Background: The COVID-19 pandemic poses a serious threat to global health, and pathogenic mutations are a major challenge to disease control. We developed a statistical framework to explore the association between molecular-level mutation activity of SARS-CoV-2 and population-level disease transmissibility of COVID-19.
Methods: We estimated the instantaneous transmissibility of COVID-19 by using the time-varying reproduction number (Rt). The mutation activity in SARS-CoV-2 is quantified empirically depending on (i) the prevalence of emerged amino acid substitutions and (ii) the frequency of these substitutions in the whole sequence.
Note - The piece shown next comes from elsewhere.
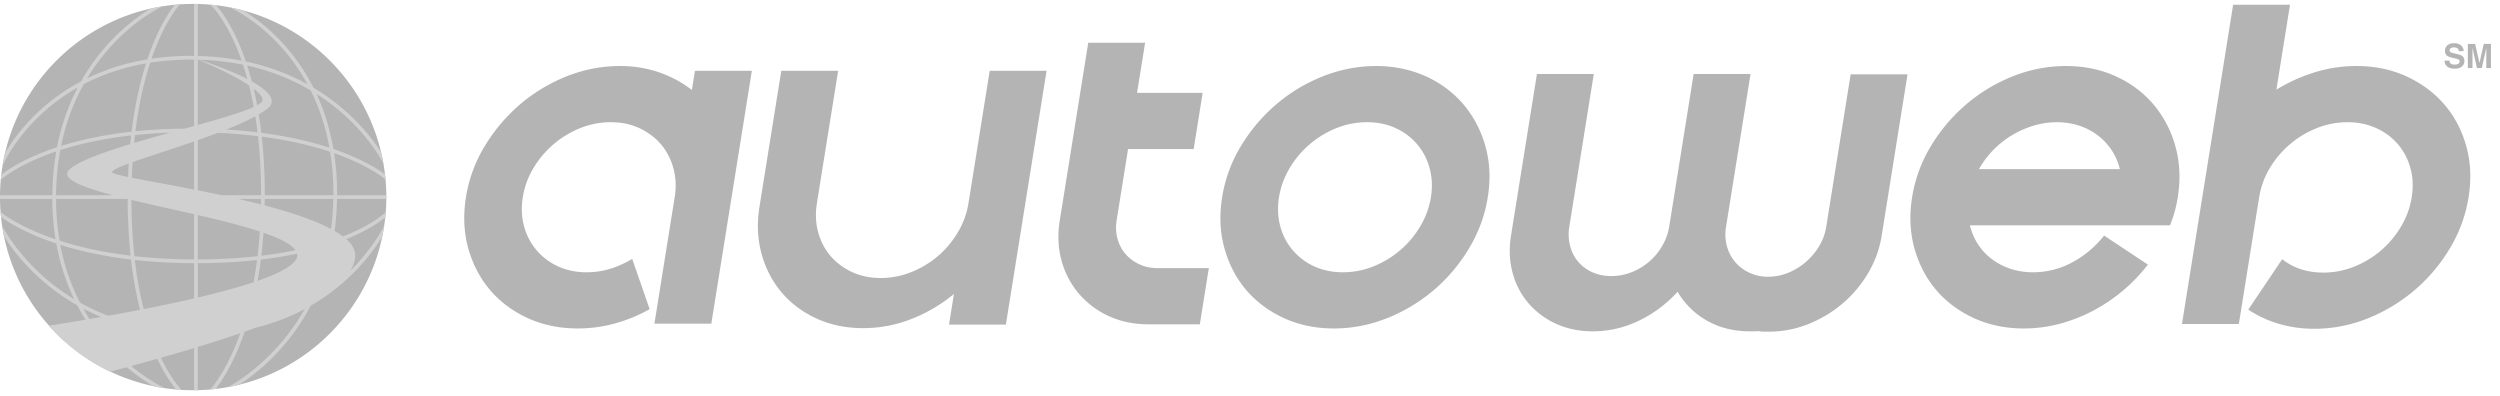<svg width="202" height="32" viewBox="0 0 202 32" fill="none" xmlns="http://www.w3.org/2000/svg"><path fill-rule="evenodd" clip-rule="evenodd" d="M200.688 3.547h.581v1.954h-.376V4.179l.001-.16.002-.158-.366 1.64h-.392l-.364-1.64.002.159.001.16V5.5h-.376V3.548h.587l.351 1.536zm-2.779 1.35a.4.4 0 0 0 .073.2q.1.121.344.121.145 0 .237-.031.172-.06.172-.227a.17.17 0 0 0-.084-.15 1 1 0 0 0-.268-.091l-.209-.047q-.309-.067-.424-.15-.195-.135-.195-.422 0-.262.191-.436.19-.174.561-.174.31 0 .527.164a.59.59 0 0 1 .229.475h-.388a.28.28 0 0 0-.156-.25.5.5 0 0 0-.24-.05.45.45 0 0 0-.255.064.2.2 0 0 0-.096.178q0 .105.094.156.061.034.257.081l.339.08q.223.053.334.143.172.136.172.399a.56.56 0 0 1-.204.444q-.205.177-.578.177-.381 0-.6-.174a.58.58 0 0 1-.219-.48zm-7.505.438q2.218 0 4.042.838 1.823.84 3.058 2.27 1.232 1.433 1.771 3.366c.357 1.292.421 2.665.186 4.129a11.5 11.5 0 0 1-1.509 4.126 13.6 13.6 0 0 1-2.852 3.38 13.6 13.6 0 0 1-3.789 2.283 11.5 11.5 0 0 1-4.311.837 10 10 0 0 1-2.873-.4 9.2 9.2 0 0 1-2.467-1.147l2.742-4.075q1.366 1.082 3.326 1.083 1.277 0 2.477-.476a7.8 7.8 0 0 0 2.17-1.303 7.8 7.8 0 0 0 1.626-1.937 6.6 6.6 0 0 0 .865-2.372q.202-1.264-.106-2.36a5 5 0 0 0-1.008-1.924 5 5 0 0 0-1.752-1.3q-1.047-.477-2.324-.478-1.28 0-2.48.478-1.2.477-2.166 1.3a7.7 7.7 0 0 0-1.627 1.923 6.6 6.6 0 0 0-.863 2.361l-1.398 8.718-.244 1.523h-4.595L180.438.382h4.595l-1.1 6.862a13.6 13.6 0 0 1 3.111-1.406 11.4 11.4 0 0 1 3.36-.503m-19.118 8.331a4.8 4.8 0 0 0-.668-1.537 5 5 0 0 0-1.114-1.19 5.1 5.1 0 0 0-1.494-.781 5.7 5.7 0 0 0-1.807-.283q-.967 0-1.901.283a7.6 7.6 0 0 0-1.755.78 7.6 7.6 0 0 0-1.499 1.191 7.4 7.4 0 0 0-1.147 1.537zm-.728 4.54h-11.385q.203.847.654 1.54a4.7 4.7 0 0 0 1.117 1.19q.663.5 1.505.782a5.7 5.7 0 0 0 1.81.282 6.6 6.6 0 0 0 3.197-.813 8.1 8.1 0 0 0 2.554-2.154l3.539 2.347a13.6 13.6 0 0 1-4.437 3.732c-.857.452-1.755.8-2.701 1.053q-1.418.375-2.88.375-2.221 0-4.045-.838-1.822-.84-3.042-2.27-1.22-1.434-1.759-3.368-.538-1.935-.186-4.126a11.4 11.4 0 0 1 1.507-4.116 13.8 13.8 0 0 1 2.839-3.367 13.4 13.4 0 0 1 3.772-2.282 11.5 11.5 0 0 1 4.314-.838q2.218 0 4.042.838 1.824.839 3.043 2.282a8.9 8.9 0 0 1 1.756 3.367c.359 1.281.426 2.652.191 4.116a10 10 0 0 1-.628 2.268zM154.129 6.004l-2.092 13.053a8.5 8.5 0 0 1-1.098 3.02 9.7 9.7 0 0 1-2.08 2.464 10 10 0 0 1-2.762 1.65 8.5 8.5 0 0 1-3.143.607h-.393q-.18 0-.387-.027l.004-.024a4 4 0 0 1-.395.024h-.394q-1.96 0-3.468-.865a6.3 6.3 0 0 1-2.37-2.333q-1.335 1.473-3.117 2.333a8.5 8.5 0 0 1-3.745.865q-1.62 0-2.948-.606a6.4 6.4 0 0 1-2.23-1.651 6.2 6.2 0 0 1-1.29-2.462q-.388-1.42-.13-3.02l2.093-13.053h4.595l-1.667 10.396-.31 1.934a3.7 3.7 0 0 0 .064 1.562q.191.735.651 1.278.462.54 1.152.851.695.307 1.525.308a4.5 4.5 0 0 0 1.625-.308 4.93 4.93 0 0 0 2.489-2.13q.43-.734.564-1.56l.31-1.935 1.666-10.396h4.596l-.004.025-1.663 10.371-.314 1.961a3.6 3.6 0 0 0 .074 1.562q.207.734.668 1.275.459.543 1.15.865a3.55 3.55 0 0 0 1.524.321q.83 0 1.612-.32a5.2 5.2 0 0 0 1.414-.866 5.3 5.3 0 0 0 1.077-1.275 4.3 4.3 0 0 0 .575-1.562l.31-1.933 1.667-10.399zm-47.002 4.753q.414-.228.859-.406a6.6 6.6 0 0 1 2.466-.476q1.28-.001 2.314.476.129.059.253.124a5 5 0 0 1 .909.607 4.9 4.9 0 0 1 1.045 1.227q.346.582.537 1.273.307 1.106.109 2.342a6.5 6.5 0 0 1-.216.925q-.047.15-.101.298a7 7 0 0 1-.547 1.146q-.247.415-.538.79a7.6 7.6 0 0 1-1.091 1.141 7.8 7.8 0 0 1-2.45 1.411 6.6 6.6 0 0 1-2.792.335 5.5 5.5 0 0 1-1.157-.238 5.03 5.03 0 0 1-2.438-1.718 5 5 0 0 1-.839-1.721q-.306-1.107-.105-2.37.05-.308.129-.61.117-.45.301-.883a7 7 0 0 1 .43-.848 7.7 7.7 0 0 1 2.125-2.322q.383-.275.797-.503m13.214 3.054a9 9 0 0 0-.317-1.989q-.542-1.92-1.759-3.367a8.6 8.6 0 0 0-2.594-2.063 9 9 0 0 0-.839-.386l-.168-.065a11 11 0 0 0-.743-.243 9 9 0 0 0-.288-.075l-.108-.025a10 10 0 0 0-1.142-.196l-.182-.02a11 11 0 0 0-1.021-.047q-.888.001-1.756.136l-.026.005a12 12 0 0 0-.487.087l-.068.015q-.222.045-.443.1l-.132.035q-.189.048-.378.104-.117.036-.233.075-.14.043-.277.09-.255.088-.507.19h-.004a15 15 0 0 0-1.022.458 13.3 13.3 0 0 0-3.165 2.194 13.8 13.8 0 0 0-2.426 2.998 11.4 11.4 0 0 0-1.508 4.116q-.175 1.095-.129 2.127.012.257.037.512a9 9 0 0 0 .278 1.487q.203.725.501 1.38.198.437.44.842.362.608.818 1.145 1.22 1.431 3.045 2.271.228.105.462.196a9.2 9.2 0 0 0 1.972.524q.777.118 1.608.118a11.5 11.5 0 0 0 4.051-.74q.132-.047.263-.098a13.6 13.6 0 0 0 3.557-2.097q.107-.085.213-.174a13.6 13.6 0 0 0 3.115-3.855q.397-.738.68-1.511a11.4 11.4 0 0 0 .627-2.672q.09-.81.055-1.582m-22.667 7.853-.728 4.54h-4.152q-1.748 0-3.188-.656a7 7 0 0 1-2.42-1.806 6.9 6.9 0 0 1-1.41-2.672q-.426-1.52-.144-3.274L87.93 3.453h4.595l-.65 4.05h5.3l-.727 4.54h-5.3l-.922 5.753a3.5 3.5 0 0 0 .072 1.506q.198.712.651 1.227c.3.346.672.62 1.107.824q.656.31 1.465.31zM69.74 26.513q-2.064 0-3.752-.772-1.692-.774-2.824-2.103-1.132-1.328-1.627-3.122-.497-1.793-.168-3.83l1.758-10.964h4.595l-1.192 7.43-.525 3.275q-.199 1.24.106 2.348.306 1.108 1.01 1.923.705.812 1.74 1.29 1.032.475 2.314.475 1.252 0 2.452-.476a7.7 7.7 0 0 0 2.15-1.289 7.7 7.7 0 0 0 1.614-1.923q.661-1.108.86-2.347l.526-3.275 1.191-7.431h4.595L81.275 26.23H76.68l.397-2.477a12.5 12.5 0 0 1-3.447 2.026q-1.877.734-3.89.734M56.152 5.721l-.152.95-.096.598q-.048-.037-.097-.072a9 9 0 0 0-1.45-.892 10 10 0 0 0-1.084-.453l-.181-.06a9 9 0 0 0-.957-.256 10 10 0 0 0-2.055-.201q-.262 0-.522.012l-.181.012q-.17.01-.337.024l-.22.023a11 11 0 0 0-1.56.282q-.12.03-.24.064l-.265.075q-.113.035-.224.073c-.092.03-.183.057-.274.09a12 12 0 0 0-.959.381l-.273.127-.162.077a14 14 0 0 0-.8.423 13.3 13.3 0 0 0-2.469 1.815q-.106.101-.211.204l-.17.165q-.136.139-.27.28l-.093.099q-.152.166-.299.336l-.047.054a14 14 0 0 0-.645.816q-.312.426-.593.88l-.11.175a11.4 11.4 0 0 0-1.59 4.743l-.016.192q-.02.232-.03.46a9.5 9.5 0 0 0 .087 1.764 8.6 8.6 0 0 0 .473 1.836 9 9 0 0 0 .618 1.333l.04.072q.06.103.124.204a8 8 0 0 0 .372.548l.094.127q.127.166.262.326.461.542 1.003.995a9 9 0 0 0 1.746 1.135q.146.075.296.145.525.239 1.083.41.579.178 1.195.282.85.144 1.767.146a11.4 11.4 0 0 0 3.002-.402 13 13 0 0 0 1.783-.64q.459-.207.907-.452.06-.031.12-.065l-1.41-4.066a8 8 0 0 1-1.049.537 6.6 6.6 0 0 1-1.61.47 7 7 0 0 1-1.015.078 5.6 5.6 0 0 1-2.051-.365 5 5 0 0 1-1.213-.675 5 5 0 0 1-.788-.736 5 5 0 0 1-1.009-1.931q-.305-1.107-.102-2.37a6.5 6.5 0 0 1 .858-2.341 7.8 7.8 0 0 1 2.385-2.5 7.8 7.8 0 0 1 1.696-.843 7 7 0 0 1 .912-.246 6.6 6.6 0 0 1 1.88-.088 5.3 5.3 0 0 1 1.69.448 5.6 5.6 0 0 1 1.181.75 4.8 4.8 0 0 1 .723.762q.57.755.839 1.725.114.415.158.85a5.7 5.7 0 0 1-.053 1.498l-.67 4.18-.723 4.513-.132.822-.113.7h4.598l2.757-17.196.519-3.236zM15.557.315C6.96.343 0 7.317 0 15.922c0 8.62 6.988 15.609 15.607 15.609s15.608-6.99 15.608-15.61c0-8.604-6.962-15.578-15.557-15.606z" fill="#B4B4B4"/><path fill-rule="evenodd" clip-rule="evenodd" d="M21.385 16.597q.005-.259.007-.522h5.537q-.025 1.276-.18 2.427c-1.351-.722-3.274-1.355-5.364-1.905m-5.403 7.445v-2.778a45 45 0 0 0 4.788-.255c-.08.629-.176 1.227-.279 1.793-1.288.43-2.84.846-4.51 1.24m-4.369.934a31 31 0 0 1-.718-3.97c1.436.159 3.028.252 4.787.258v2.849c-1.317.305-2.697.594-4.069.863m-2.876.536a17 17 0 0 1-2.27-1.06 17.2 17.2 0 0 1-1.594-4.67c1.525.479 3.415.914 5.714 1.188a31 31 0 0 0 .73 4.062c-.873.17-1.738.33-2.58.48m-1.505.264a16 16 0 0 1-.503-.841q.68.36 1.442.678zm-2.703-9.701h5.763l.026.007a43 43 0 0 0 .236 4.578c-2.325-.28-4.224-.727-5.737-1.216a20 20 0 0 1-.288-3.37m.342-3.948c1.508-.483 3.398-.919 5.725-1.182q-.04.345-.073.7c-2.231.68-4.137 1.372-4.882 2.02-.836.725.838 1.413 3.463 2.108H4.53c.011-1.314.133-2.527.34-3.646M6.768 6.8c1.4-.732 3.069-1.334 5.034-1.677-.467 1.461-.894 3.285-1.168 5.516-2.3.256-4.181.68-5.695 1.153A17.2 17.2 0 0 1 6.768 6.8m5.369-1.733a21.6 21.6 0 0 1 3.289-.253c.086 0 .169.005.256.006v5.36l-.764.212a43 43 0 0 0-3.977.216c.282-2.26.72-4.089 1.195-5.541m7.496.16q.182.544.35 1.158c-1.426-.735-3.214-1.34-3.883-1.555 1.27.038 2.448.176 3.533.398M25.1 7.302a17.1 17.1 0 0 1 1.514 4.63c-1.452-.473-3.269-.91-5.497-1.2a35 35 0 0 0-.209-1.488 7 7 0 0 0 .633-.406c.963-.696.115-1.526-1.194-2.257q-.18-.681-.373-1.28a17.5 17.5 0 0 1 5.125 2m-5.834 8.774h1.824q-.002.224-.006.443a72 72 0 0 0-1.818-.443m1.852 4.588q.105-.891.172-1.86c1.301.447 2.242.916 2.58 1.416q-1.246.26-2.752.444m-.04.309a33 33 0 0 0 2.917-.47c.005.024.02.046.022.072.055.709-1.218 1.429-3.2 2.12q.146-.819.26-1.722m-5.097-3.594c1.839.422 3.604.862 5.014 1.325q-.071 1.049-.186 1.998a45 45 0 0 1-4.828.26zM10.35 14.3c-.814-.168-1.3-.297-1.3-.386 0-.156.521-.397 1.35-.702a42 42 0 0 0-.05 1.088m7.25-3.567c1.168.053 2.245.146 3.244.27.156 1.403.249 2.973.249 4.722v.047h-3.186a128 128 0 0 0-1.926-.396v-4.052a62 62 0 0 0 1.62-.59m2.894-3.566c.432.333.72.652.72.918 0 .125-.16.266-.436.418a28 28 0 0 0-.284-1.336m.313 3.526q-1.184-.144-2.524-.224a23 23 0 0 0 2.346-1.072q.097.623.178 1.297m-4.826-5.867h.051c.652.275 2.767 1.187 4.086 2.072.138.542.265 1.12.38 1.744-.906.417-2.587.911-4.517 1.452zm-5.146 6.723q.031-.322.067-.637c.882-.09 1.824-.158 2.83-.195-.977.273-1.96.55-2.897.832m4.846-.12v3.886c-2.011-.396-3.815-.713-5.032-.955q.022-.647.059-1.26c1.271-.453 3.117-1.028 4.973-1.672m0 9.531a45 45 0 0 1-4.82-.263 43 43 0 0 1-.242-4.544c1.572.377 3.337.759 5.062 1.154zm11.257-5.307-.003.12h-5.54v-.048a43 43 0 0 0-.245-4.686c2.254.296 4.077.744 5.52 1.226.17 1.045.268 2.17.268 3.388m4.273.42.003-.15-.003-.15h-3.974l.003-.12c0-1.172-.09-2.26-.246-3.276q.368.128.703.258c2.134.832 3.187 1.653 3.45 1.87q-.02-.21-.043-.42c-.56-.415-1.882-1.265-4.166-2.047-.29-1.69-.77-3.17-1.361-4.447a17 17 0 0 1 1.942 1.434c2.343 2.01 3.361 4.006 3.456 4.183a16 16 0 0 0-.193-.928c-.759-1.18-2.478-3.421-5.453-5.194-1.748-3.458-4.268-5.38-5.666-6.238Q19.129.704 18.58.6c.373.172 2.246 1.102 4.136 3.195.74.818 1.478 1.817 2.127 3.012a18 18 0 0 0-4.978-1.837 20 20 0 0 0-.524-1.374c-.514-1.206-1.03-2.046-1.421-2.586a7 7 0 0 0-.462-.583 12 12 0 0 0-.441-.046l.002.009a.14.14 0 0 0 .05.063v.002c.12.116 1.376 1.368 2.454 4.441a21.4 21.4 0 0 0-3.541-.37V.323q-.15-.006-.3-.008V4.52c-.087-.001-.17-.006-.256-.006-1.135 0-2.194.082-3.18.23.112-.333.23-.647.345-.937.952-2.384 1.889-3.38 1.947-3.452q-.212.014-.421.032c-.413.52-1.362 1.896-2.209 4.412-1.876.312-3.49.858-4.867 1.53A16.5 16.5 0 0 1 8.786 3.94C10.915 1.529 13.033.573 13.033.565L13.02.531q-.43.073-.857.169c-1.233.742-3.744 2.56-5.618 5.88-3.492 1.85-5.366 4.468-6.126 5.762q-.103.441-.181.888l.042.019c.003-.005.91-2.101 3.259-4.21A15.7 15.7 0 0 1 6.28 7.065a17.8 17.8 0 0 0-1.674 4.831C2.202 12.691.777 13.6.11 14.107q-.025.209-.042.417c.4-.334 1.399-1.067 3.204-1.813.387-.16.815-.318 1.276-.476a21.4 21.4 0 0 0-.318 3.538H.003L0 15.924l.003.15h4.223c.005 1.165.1 2.25.265 3.265a25 25 0 0 1-1.053-.386C1.541 18.203.472 17.46.051 17.135c.011.134.018.268.032.4.662.475 2.09 1.354 4.467 2.14a17.5 17.5 0 0 0 1.44 4.495 17 17 0 0 1-2.396-1.75C1.486 20.574.439 18.74.172 18.24q.065.433.152.858c.812 1.281 2.672 3.727 5.92 5.574q.319.61.668 1.158a235 235 0 0 1-2.97.485 15.7 15.7 0 0 0 4.945 3.72c.461-.12.912-.244 1.364-.365.84.71 1.603 1.215 2.156 1.54q.466.097.946.166c-.242-.112-1.37-.663-2.752-1.802q1.076-.293 2.108-.585c.625 1.312 1.213 2.105 1.536 2.488q.217.018.435.033c-.151-.152-.874-.929-1.677-2.602q1.381-.392 2.679-.783v3.406h.3v-3.498a97 97 0 0 0 3.43-1.11q-.21.592-.423 1.101c-.872 2.08-1.734 3.145-2.002 3.451q.217-.017.43-.042c.489-.62 1.483-2.091 2.356-4.636q.453-.158.886-.317a17.2 17.2 0 0 0 3.958-1.505 17.3 17.3 0 0 1-2.009 2.843c-1.874 2.15-3.74 3.215-4.206 3.467q.464-.084.918-.194c1.35-.872 3.935-2.884 5.788-6.391 3.161-1.822 4.963-4.246 5.779-5.58q.091-.444.158-.896c-.273.541-1.116 2.04-2.718 3.635.212-.364.343-.737.375-1.119.043-.5-.224-.973-.723-1.418 1.74-.702 2.724-1.406 3.15-1.756.015-.143.023-.288.035-.433-.054.055-.967.966-3.275 1.9q-.091.034-.184.071a6 6 0 0 0-.67-.447q.171-1.225.196-2.582z" fill="#D0D0D0"/></svg>

Using the likelihood-based approach, a statistical framework is developed to examine the association between mutation activity and Rt. We adopted the COVID-19 surveillance data in California as an example for demonstration.
Results: We found a significant positive association between population-level COVID-19 transmissibility and the D614G substitution on the SARS-CoV-2 spike protein. We estimate that a per 0.01 increase in the prevalence of glycine (G) on codon 614 is positively associated with a 0.49% (95% CI: 0.39 to 0.59) increase in Rt, which explains 61% of the Rt variation after accounting for the control measures. We remark that the modeling framework can be extended to study other infectious pathogens.
Conclusions: Our findings show a link between the molecular-level mutation activity of SARS-CoV-2 and population-level transmission of COVID-19 to provide further evidence for a positive association between the D614G substitution and Rt. Future studies exploring the mechanism between SARS-CoV-2 mutations and COVID-19 infectivity are warranted.
Keywords: COVID-19; Mutation; Spike protein; Statistical modeling; Transmission.